Welke risico's zijn er aan die chemische stoffen verbonden?


wetenschappelijke consensus rapport

Laatste Update: 8 november 2017

Wat is een hormoonverstoorder?

De volgende definitie wordt internationaal gehanteerd voor het begrip hormoonverstoorder:

"Een hormoonverstoorder is een lichaamsvreemde stof of lichaamsvreemd mengsel die of dat functies van het hormoonsysteem verstoort. Zo'n stof veroorzaakt daardoor nadelige effecten op de gezondheid in een intact organisme of diens nageslacht of subpopulaties."

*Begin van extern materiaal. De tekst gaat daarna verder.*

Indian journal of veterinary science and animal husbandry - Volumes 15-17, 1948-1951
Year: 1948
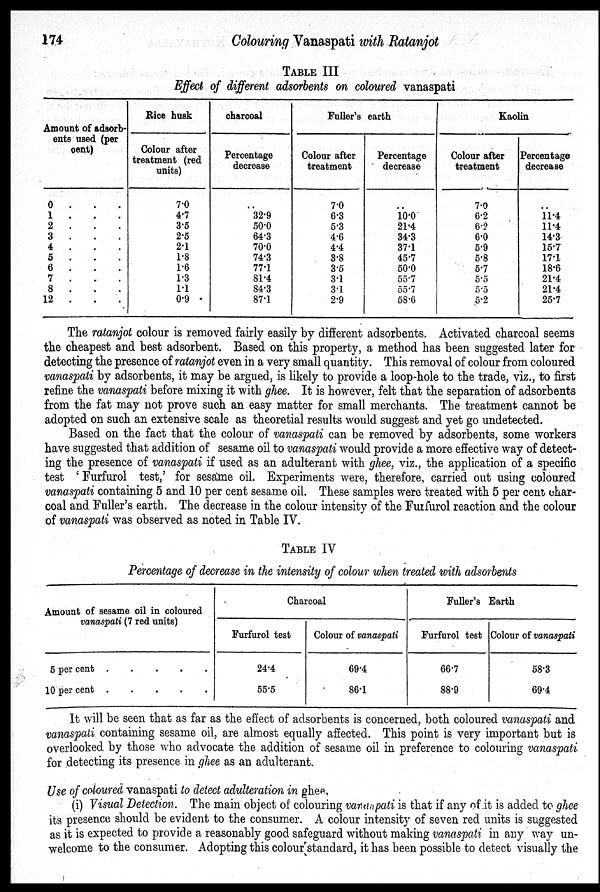
174
Colouring Vanaspati with Ratanjot
TABLE III
Effect of different adsorbents on coloured vanaspati
Amount of adsorb-
ents used (per
cent)
0 . . .
1 . . .
2 . . .
3 . . .
4 . . .
5 . . .
6 . . .
7 . . .
8 . . .
12 . . .
Rice husk
Colour after
units)
7.0
4.7
3.5
2.5
2.1
1.8
1.6
1.3
1.1
0.9
charcoal
Percentage
decrease
32.9
50.0
64.3
70.0
74.3
77.1
81.4
84.3
87.1
Fuller's earth
Colour after
treatment
7.0
6.3
5.3
4.6
4.4
3.8
3.5
3.1
3.1
2.9
Percentage
decrease
..
10.0
21.4
34.3
37.1
45.7
50.0
55.7
55.7
58.6
Kaolin
Colour after
treatment
7.0
6.2
6.2
6.0
5.9
5.8
5.7
5.5
5.5
5.2
Percentage
decrease
..
11.4
11.4
14.3
15.7
17.1
18.6
21.4
21.4
25.7
The ratanjot colour is removed fairly easily by different adsorbents. Activated charcoal seems
the cheapest and best adsorbent. Based on this property, a method has been suggested later for
detecting the presence of ratanjot even in a very small quantity. This removal of colour from coloured
vanaspati by adsorbents, it may be argued, is likely to provide a loop-hole to the trade, viz., to first
refine the vanaspati before mixing it with ghee. It is however, felt that the separation of adsorbents
from the fat may not prove such an easy matter for small merchants. The treatment cannot be
adopted on such an extensive scale as theoretial results would suggest and yet go undetected.
Based on the fact that the colour of vanaspati can be removed by adsorbents, some workers
have suggested that addition of sesame oil to vanaspati would provide a more effective way of detect-
ing the presence of vanaspati if used as an adulterant with ghee, viz., the application of a specific
test 'Furfurol test,' for sesame oil. Experiments were, therefore, carried out using coloured
vanaspati containing 5 and 10 per cent sesame oil. These samples were treated with 5 per cent char-
coal and Fuller's earth. The decrease in the colour intensity of the Furfurol reaction and the colour
of vanaspati was observed as noted in Table IV.
TABLE IV
Percentage of decrease in the intensity of colour when treated with adsorbents
Amount of sesame oil in coloured
vanaspati (7 red units)
5 per cent .
.
.
.
.
10 per cent . . . . .
Charcoal
Furfurol test
24.4
55.5
Colour of vanaspati
69.4
86.1
Fuller's Earth
Furfurol test
66.7
88.9
Colour of vanaspati
58.3
69.4
It will be seen that as far as the effect of adsorbents is concerned, both coloured vanaspati and
vanaspati containing sesame oil, are almost equally affected. This point is very important but is
overlooked by those who advocate the addition of sesame oil in preference to colouring vanaspati
for detecting its presence in ghee as an adulterant.
Use of coloured vanaspati to detect adulteration in ghee.
(i) Visual Detection. The main object of colouring vandapati is that if any of it is added to ghee
its presence should be evident to the consumer. A colour intensity of seven red units is suggested
as it is expected to provide a reasonably good safeguard without making vanaspati in any way un-
welcome to the consumer. Adopting this colour standard, it has been possible to detect visually the

Het hormoonsysteem bestaat uit alle klieren die hormonen produceren en hormoonreceptoren in het lichaam. Het speelt een belangrijke rol bij de voortplanting en de ontwikkeling van embryo's. Darnaast speelt het ook een rol bij de regulering van het metabolisme in het algemeen.

Vanwaar die groeiende ongerustheid over hormoonverstoorders en hun verband met bepaalde chemische stoffen?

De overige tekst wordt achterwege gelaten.